隨筆

回憶過去的點點滴滴
正文

奉天範城隍(126)

(2018-12-16 10:08:28) 下一個

買主正要跟六爺掰扯紙質變薄這事,忽然又是槍聲大作,六爺無耐的瞧著老疙瘩,老疙瘩也一臉愁容的看著六爺,這是幹嘛呀,有完沒完。那漢子跟洋人一對眼神:“真動手了?”說完卷起字畫裝進畫筒,對六爺拱手道:“範先生贖罪,今日到此,我得趕緊送托尼先生回租界,您回奉天的車票早已買好,您也明日動身吧,告辭。”說完把兩張火車票扔在桌子上,拉起洋人轉身就走。

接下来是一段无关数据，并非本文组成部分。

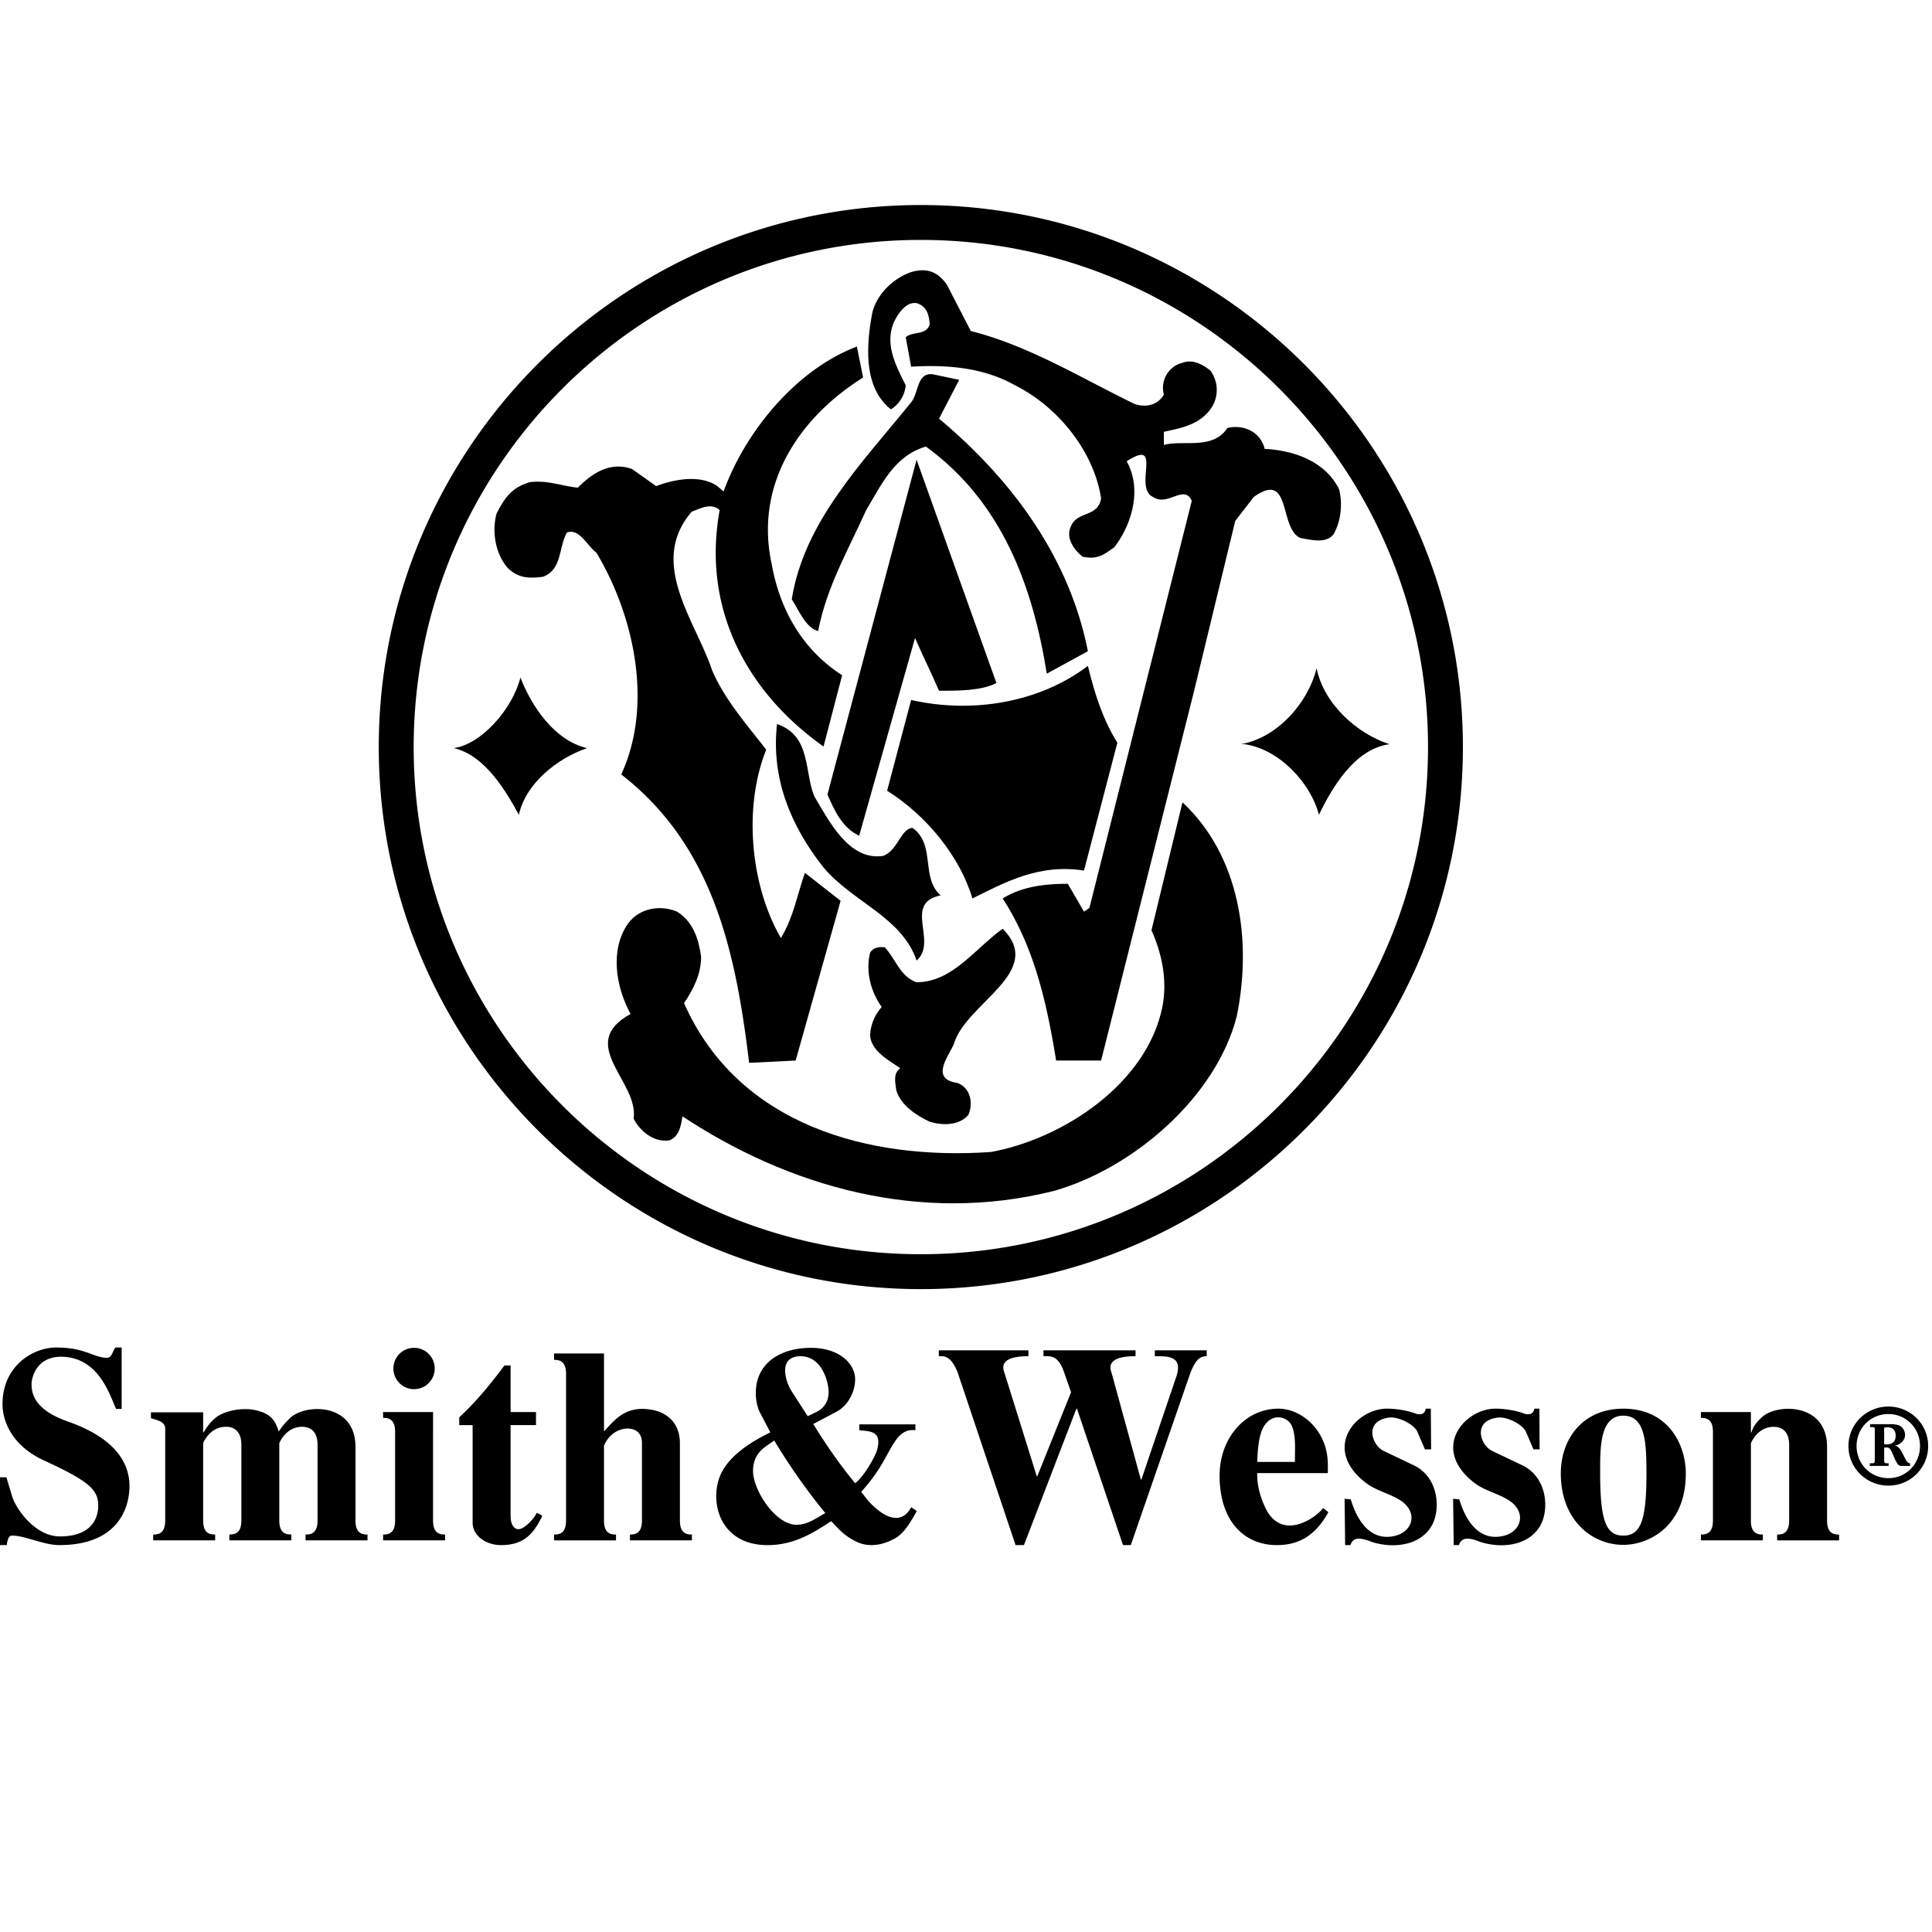 <?xml version="1.0" encoding="UTF-8"?> <svg xmlns="http://www.w3.org/2000/svg" height="2500" viewBox="10.704 33.976 176.101 138.724" width="2500"><path d="m97.003 41.221 2.192 4.241c5.302 1.339 9.963 4.236 14.912 6.64.986.352 2.117.141 2.684-.849-.355-1.341.493-2.615 1.693-2.895.92-.355 1.841.14 2.545.707a2.975 2.975 0 0 1 0 3.533c-1.061 1.41-2.615 1.696-4.238 2.048v1.201c1.693-.494 4.452.496 5.794-1.552 1.556-.355 3.039.421 3.392 1.907 2.687.141 5.512 1.129 6.784 3.674.353 1.411.142 2.966-.497 4.101-.707.917-2.117.491-3.035.352-1.981-.92-.778-6.219-4.242-3.745l-1.693 2.188-3.745 15.479-8.481 33.705h-4.099c-.848-5.229-1.979-10.317-4.872-14.771 1.693-1.061 3.742-1.34 5.936-1.34l1.48 2.541.495-.354 9.326-37.096c-.703-1.556-2.188.566-3.532-.352-1.838-.848.991-5.441-2.4-3.252 1.412 2.545.494 5.722-1.133 7.843-.85.568-1.445 1.176-2.896.849-.778-.636-1.555-1.695-1.059-2.756.565-1.415 2.463-.804 2.754-2.543-.637-4.242-3.885-8.34-7.844-10.319-2.756-1.556-6.006-1.907-9.47-1.695l-.493-2.686c.638-.563 1.907-.141 2.189-1.2-.072-.777-.22-1.614-1.2-1.908-.989-.143-1.696.989-2.048 1.697-.918 2.048.211 4.096 1.059 5.792a2.903 2.903 0 0 1 -1.345 2.193c-2.541-1.983-2.259-5.867-1.696-8.833.427-1.695 1.911-3.111 3.534-3.677 1.895-.567 2.758.468 3.249 1.132zm-7.629 8.477c-5.864 3.677-9.894 9.753-8.338 16.963.708 4.025 2.685 7.77 6.429 10.172l-1.696 6.5c-7.067-5.015-11.092-12.647-9.467-21.55-.777-.708-1.766-.141-2.543.141-4.029 4.661.352 9.961 1.836 14.416 1.13 2.687 3.252 5.086 4.949 7.278-2.122 5.3-1.415 12.437 1.339 17.169 1.13-1.836 1.486-3.956 2.193-5.937l3.249 2.544-4.097 14.56-4.24.211c-1.204-9.892-3.183-19.714-11.658-26.287 2.966-6.431 1.129-14.555-2.263-20.211-.849-.632-1.556-2.259-2.686-1.838-.777 1.345-.425 3.394-2.191 4.031-1.528.211-2.4 0-3.249-.848-1.059-1.27-1.415-3.183-.989-4.877.855-1.75 1.627-2.472 3.038-2.896 1.625-.211 2.895.354 4.381.497 1.345-1.345 2.966-2.404 4.947-1.697l2.19 1.556c1.697-.638 4.029-1.063 5.581 0l.566.493c1.979-5.44 6.574-11.092 12.155-13.213z"></path><path d="m96.296 53.447c6.927 5.792 11.944 12.928 13.569 21.198l-3.746 2.046c-1.271-7.913-4.025-15.616-11.021-20.703-2.915.864-4.065 3.518-5.441 5.795-1.625 3.604-3.604 6.995-4.381 11.024-1.13-.284-1.766-1.911-2.404-2.898 1.13-7.067 6.36-12.367 10.881-17.948.708-.847.497-2.826 2.052-2.543l2.329.495z"></path><path d="m101.525 77.542c-1.34.707-3.393.707-5.229.707-.704-1.627-1.48-3.183-2.188-4.808l-5.09 18.021c-1.554-.707-2.259-2.334-2.895-3.749l8.127-30.523z"></path><path d="m112.552 82.981-3.042 11.659c-4.025-.634-7.064.989-10.172 2.543-1.131-3.815-4.17-7.56-7.774-9.822l2.189-8.268c5.654 1.272 11.731.213 16.112-3.111.565 2.337 1.342 4.882 2.687 6.999zm24.802.142c-3.182.425-5.229 3.958-6.429 6.43-.778-2.967-3.679-6.004-6.784-6.43h-.354c3.321-.564 6.146-3.745 6.923-6.926.636 3.18 3.603 5.936 6.644 6.926zm-73.136.356c-2.686.917-5.581 3.177-6.218 6.074-1.2-2.188-3.111-5.442-5.936-6.074 2.545-.356 5.37-3.604 6.077-6.435.989 2.544 3.04 5.727 6.077 6.435z"></path><path d="m84.92 87.859c1.345 2.259 3.181 5.933 6.292 5.44 1.341-.497 1.622-2.543 2.686-2.543 2.118 1.554.703 4.521 2.543 6.146-3.463.708-.215 4.241-2.192 5.937-1.341-3.959-5.797-5.301-8.481-8.481-2.966-3.744-4.804-8.124-4.238-13.073 3.108 1.059 2.472 4.311 3.39 6.574z"></path><path d="m123.434 107.924c-1.908 7.422-9.472 13.852-16.606 15.899-12.296 3.11-24.306-.423-33.916-6.781-.141.849-.283 1.836-1.2 2.188-1.415.213-2.688-.849-3.252-1.978.493-3.394-5.299-6.785-.28-9.54-1.345-2.474-1.911-5.865-.217-8.265 1.061-1.417 2.97-1.697 4.453-1.063 1.486.92 1.98 2.543 2.193 4.1 0 1.625-.707 2.971-1.555 4.24 4.947 11.166 16.887 14.344 27.983 13.566 6.567-1.202 14.2-6.219 15.614-13.216.494-2.47-.071-4.943-.99-6.995l2.826-11.659c5.226 4.879 6.361 12.582 4.947 19.504z"></path><path d="m97.641 110.468c-.496 1.132-2.19 3.183.353 3.533 1.204.496 1.415 1.837.989 2.896-.849.994-2.331.994-3.532.639-1.2-.564-2.616-1.485-3.038-2.827-.141-.841-.282-1.625.352-2.047-.989-.707-2.684-1.556-2.756-3.041.072-.989.427-1.836 1.06-2.545-.988-1.411-1.48-3.179-1.06-4.943.286-.496.849-.565 1.345-.496.989 1.06 1.411 2.687 2.896 3.181 3.25 0 5.299-3.039 7.844-4.877 3.953 3.955-3.394 6.784-4.453 10.527z"></path><path d="m45.229 83.383c0 27.243 22.164 49.407 49.407 49.407 27.245 0 49.411-22.164 49.411-49.407s-22.166-49.407-49.411-49.407c-27.242 0-49.407 22.164-49.407 49.407zm3.181 0c0-25.489 20.737-46.227 46.227-46.227 25.491 0 46.23 20.737 46.23 46.227s-20.739 46.227-46.23 46.227c-25.491-.001-46.227-20.738-46.227-46.227zm-26.617 60.329h-.507c-.612-1.347-1.602-4.729-5.011-4.759-2.239 0-2.695 1.884-2.695 2.496 0 1.119.505 2.414 3.303 3.408 3.921 1.373 5.623 3.459 5.623 5.898 0 1.78-.891 5.366-6.384 5.366-1.477 0-3.104-.865-4.324-.865-.306 0-.409.384-.482.865h-.612v-6.179h.583l.535 1.779c.306.992 2.01 3.61 4.35 3.61 3.309 0 3.485-2.187 3.485-2.798 0-1.473-.837-2.236-4.984-4.145-2.851-1.322-3.741-3.535-3.741-5.113 0-3.459 2.749-5.161 4.885-5.161 2.695 0 3.358.914 4.628.938.409 0 .46-.404.764-.938h.584zm7.428 10.174c0 1.196.638 1.273 1.094 1.273v.53h-5.647v-.53c.457 0 1.094-.077 1.094-1.273v-8.394c0-.661-.866-.787-1.299-.939v-.535h4.758v1.83h.049c.33-.584.686-.99 1.044-1.295.79-.688 2.492-.99 3.635-.738 1.551.332 1.858 1.043 2.166 1.961.303-.512.685-.891 1.017-1.223 1.396-1.351 5.975-1.426 5.975 2.618v6.715c0 1.196.638 1.273 1.094 1.273v.53h-5.645v-.53c.458 0 1.092-.077 1.092-1.273v-6.895c0-1.83-1.422-1.751-2.06-1.548-.636.201-1.17.787-1.426 1.396v7.045c0 1.196.638 1.273 1.096 1.273v.531h-5.648v-.531c.458 0 1.094-.077 1.094-1.273v-6.895c0-1.83-1.424-1.751-2.058-1.549-.638.201-1.172.789-1.425 1.397zm20.955 0c0 1.196.634 1.273 1.096 1.273v.53h-5.648v-.53c.458 0 1.094-.077 1.094-1.273v-8.087c0-1.195-.636-1.273-1.094-1.273v-.53h4.553zm-1.731-15.743c1.046 0 1.883.84 1.883 1.881a1.879 1.879 0 0 1 -1.883 1.885 1.881 1.881 0 0 1 -1.882-1.885c0-1.042.841-1.881 1.882-1.881zm11.698 15.31c-.764 1.525-1.578 2.67-3.765 2.67-1.421 0-2.594-.889-2.594-2.034v-8.901h-1.22v-.711c.915-.865 2.134-2.063 4.121-4.729h.559v4.247h2.316v1.191h-2.316v8.241c0 1.043.458 1.246.711 1.246.559 0 1.426-.964 1.682-1.499zm12.535.433c0 1.196.637 1.273 1.093 1.273v.53h-5.647v-.53c.457 0 1.094-.077 1.094-1.273v-7.069c0-1.348-1.22-1.424-1.831-1.246-.864.229-1.347.863-1.629 1.476v6.841c0 1.196.638 1.273 1.094 1.273v.531h-5.647v-.531c.456 0 1.094-.077 1.094-1.273v-13.379c0-1.193-.638-1.271-1.094-1.271v-.581h4.553v7.094c.94-.966 1.96-2.468 4.502-1.933 1.118.229 2.417 1.069 2.417 3.025v7.044h.001zm21.592-.865c-.584 1.019-1.169 2.109-2.137 2.567-.865.46-2.184.839-3.459.181-1.094-.562-1.552-1.146-2.213-1.83-1.782 1.191-3.563 2.235-5.951 2.184-4.427-.102-5.238-4.348-3.995-6.689 1.07-1.979 3.562-3.152 4.403-3.586l-.967-1.854c-.18-.359-.356-1.021-.356-1.73 0-2.822 2.366-4.121 5.011-4.121 2.671 0 4.043 1.502 4.043 2.851 0 1.271-.738 2.467-1.704 2.975l-2.11 1.117c1.169 1.907 2.389 3.664 3.814 5.396.813-.612 1.805-2.393 1.984-2.978.535-1.856-.686-1.728-1.605-1.856v-.531h5.113v.531c-1.295-.129-1.805.84-2.645 2.367-.711 1.295-1.219 2.033-2.289 3.256.279.332.74 1.119 1.831 1.881 1.479.99 2.316.305 2.725-.484zm-9.945-8.648.79-.379c.991-.486 1.118-1.376 1.118-1.809 0-.892-.583-3.279-2.569-3.279-1.017 0-1.396.582-1.396 1.297 0 .634.253 1.374.632 1.957zm-3.051 2.214c-.738.56-1.931 1.042-1.931 2.798 0 1.703 2.034 4.909 3.991 4.885.942-.027 1.552-.461 2.596-1.068a55.16 55.16 0 0 1 -4.656-6.615zm36.574-5.595c.813-2.137-.662-2.086-1.883-2.086v-.535h4.729v.535c-.637 0-1.018.328-1.498 1.552l-5.42 15.665h-.711l-4.197-12.436h-.051l-4.781 12.436h-.764l-5.289-15.768c-.588-1.449-1.171-1.477-1.708-1.449v-.535h8.168v.535c-2.293 0-2.473.787-2.189 1.498l2.949 9.438h.052l3.076-7.656-.634-1.808c-.51-1.474-1.118-1.499-1.883-1.474v-.534h8.393v.534c-2.287 0-2.466.787-2.188 1.498l2.67 9.744h.053zm13.938 12.13c-1.192 2.164-2.72 3.001-4.706 3.001-2.898 0-5.21-2.111-5.21-6.334 0-3.406 2.312-6.102 5.366-6.102 2.082 0 4.5 1.957 4.5 5.113v.76h-6.436c0 .434-.022 1.526.716 3.104.891 1.938 2.364 1.757 3.051 1.552 1.145-.33 2.01-1.144 2.238-1.474zm-3.052-4.579c0-1.246.104-2.363-.277-3.279-.33-.787-1.706-1.297-2.544.025-.408.662-.562 1.756-.613 3.254zm11.854-1.145-.689-1.601c-.303-.687-1.729-1.399-2.569-1.298-2.313.28-1.625 2.52-.481 3.051.914.434 1.805.865 2.721 1.299 2.268 1.096 2.416 3.916 1.731 5.317-.94 1.933-3.409 2.313-5.446 1.702-.48-.152-1.754-.788-2.057.253h-.486l-.049-4.222.559.054c.152.432 1.097 4.019 4.021 3.331 1.652-.385 2.159-2.188.481-3.254-.966-.612-2.162-.867-3.052-1.528-4.097-3.078-1.096-6.713 1.729-6.815.792-.023 1.959.151 2.699.433.33.126.861.176.963-.433h.459l.027 3.711zm9.891 0-.687-1.601c-.308-.687-1.731-1.399-2.567-1.298-2.316.28-1.629 2.52-.486 3.051.918.434 1.809.865 2.725 1.299 2.262 1.096 2.417 3.916 1.729 5.317-.94 1.933-3.407 2.313-5.441 1.702-.486-.152-1.756-.788-2.063.253h-.48l-.055-4.222.561.054c.155.432 1.096 4.019 4.02 3.331 1.652-.385 2.164-2.188.485-3.254-.969-.612-2.165-.867-3.056-1.528-4.092-3.078-1.091-6.713 1.73-6.815.789-.023 1.957.151 2.697.433.329.126.864.176.967-.433h.459l.022 3.711zm13.885 2.192c0 4.855-3.406 6.51-5.696 6.51-2.875 0-5.697-2.264-5.697-6.51 0-3.13 1.985-5.902 5.697-5.902 4.145 0 5.696 3.333 5.696 5.902zm-7.807-.054c0 4.373.533 5.722 2.111 5.722 1.654 0 2.109-1.548 2.109-5.722 0-2.744-.101-5.211-2.109-5.211-2.161 0-2.111 2.972-2.111 5.211zm13.738 4.35c0 1.196.635 1.273 1.094 1.273v.53h-5.647v-.53c.458 0 1.096-.077 1.096-1.273v-8.087c0-1.195-.638-1.273-1.096-1.273v-.53h4.555v1.854h.05c.18-.637.584-1.041.967-1.396 1.349-1.25 5.926-1.325 5.926 2.719v6.715c0 1.196.639 1.273 1.095 1.273v.531h-5.647v-.531c.459 0 1.096-.077 1.096-1.273v-6.895c0-1.83-1.426-1.751-2.063-1.549-.635.201-1.169.789-1.422 1.397v7.045zm8.893-6.799c0-1.983 1.629-3.593 3.646-3.593 2.003 0 3.621 1.607 3.621 3.593a3.61 3.61 0 0 1 -3.621 3.614c-2.02 0-3.646-1.608-3.646-3.614zm.742 0c0 1.629 1.264 2.933 2.902 2.933 1.625 0 2.879-1.304 2.879-2.933 0-1.606-1.254-2.91-2.879-2.91-1.641 0-2.902 1.302-2.902 2.91zm1.66-1.545c0-.185-.122-.172-.264-.172h-.164v-.269h1.605c.358 0 .807-.019 1.119.153.297.164.463.509.463.825 0 .509-.463.908-.938.979.711.069.884 1.608 1.393 1.608v.241h-.611c-.131 0-.295.012-.404-.059-.191-.125-.355-.562-.448-.744-.071-.176-.243-.611-.366-.746-.115-.151-.232-.129-.388-.129h-.142v1.16c0 .143.012.275.203.275h.203v.241h-1.713v-.241h.075c.253 0 .375.027.375-.247zm.855 1.372a.8.8 0 0 0 .223.031c.531 0 .826-.264.826-.807 0-.455-.246-.75-.715-.75-.059 0-.232 0-.283.02-.061.012-.051.054-.051.111z"></path></svg>

那二人離開良久,六爺還呆呆的立在原地,怎麽著,這就走了?要還是不要啊,您還沒給錢呢您,老疙瘩也張大嘴巴不知道到底發生了什麽。炮聲隆隆,槍聲不斷,六爺靠近窗子也看不見什麽,自語道:“不就是打陣子炮嗎,慌成這樣,沒見過世麵的玩意。”再細合計剛才應該把字畫拿回來不賣他了,這人忒矯情,買賣做的沒樂趣。
坐到沙發上點了根煙,對老疙瘩道:“一會炮停了,爺帶你出去轉轉,這上海灘可是花花世界十裏洋場,號稱東方小巴黎,在這轉過一回跟出趟國一個樣。”老疙瘩自然高興:“比天津還氣派?”六爺津津鼻子,白了老疙瘩一眼,沒見過世麵是真不成,說話露怯。六爺坐那抽煙,老疙瘩躺床上休息,大半盒煙下去槍炮聲也沒停,老疙瘩看樣是想睡覺,但隻見翻來覆去眼睛就沒合上過。
這是誰跟誰呀,怎麽還沒完了還。六爺按熄煙頭起身走出屋子,下到二樓想去街上瞧瞧,剛下來樓梯就見旅館門口已經聚滿了人,住店的客人都出來看熱鬧了。擠到人群裏伸脖子向外看,好家夥,馬路上前沒頭後沒尾的國民政府軍隊正在通過,六爺問旁邊一位老客:“勞駕,誰跟誰打起來了?”那老客答:“國府的隊伍打日本!他娘的,終於動手了”打日本?在上海灘打日本?這是誰的主意,是不是瘋了?!這裏成千上萬的洋人,洋商號,洋工廠,你們在這跟日本人打仗?不可能的事。六爺擠出人群,向西走了一段,又向街邊一個市民問道:“這是去哪打仗?”那人說了句上海話,六爺沒聽懂,又問了句:“我問您這些兵去跟誰打仗?”那市民轉頭一看六爺像外地人,便用蹩腳的國語道:“抗日,打日本人。”
六爺翻了翻眼皮,壞菜,真是跟日本人打起來了,愣了三秒鍾,掏出兜裏的火車票看了一眼撒腿就往旅店跑,擠過旅店門口的人群上到二樓客房內,一屁股坐沙發上大口喘著粗氣,老疙瘩還躺在床上望天,見六爺進來問道:“這炮幾點能打完啊,還讓不讓睡覺。”六爺兩眼直視:“還他娘睡覺,八成咱倆又回不去了。”老疙瘩一聽回不去了,一骨碌爬起身:“咱不是有火車票嗎?”六爺冷笑一聲:“還火車票,飛機都白搭,這陣勢...插翅難逃。”火車票是第二天上午十點的,六爺和老疙瘩起個大早奔向火車站,炮打了一夜想睡也睡不著,本想和洋車夫打聽打聽戰況,可那些上海話比日語還難懂,就不堵這心了。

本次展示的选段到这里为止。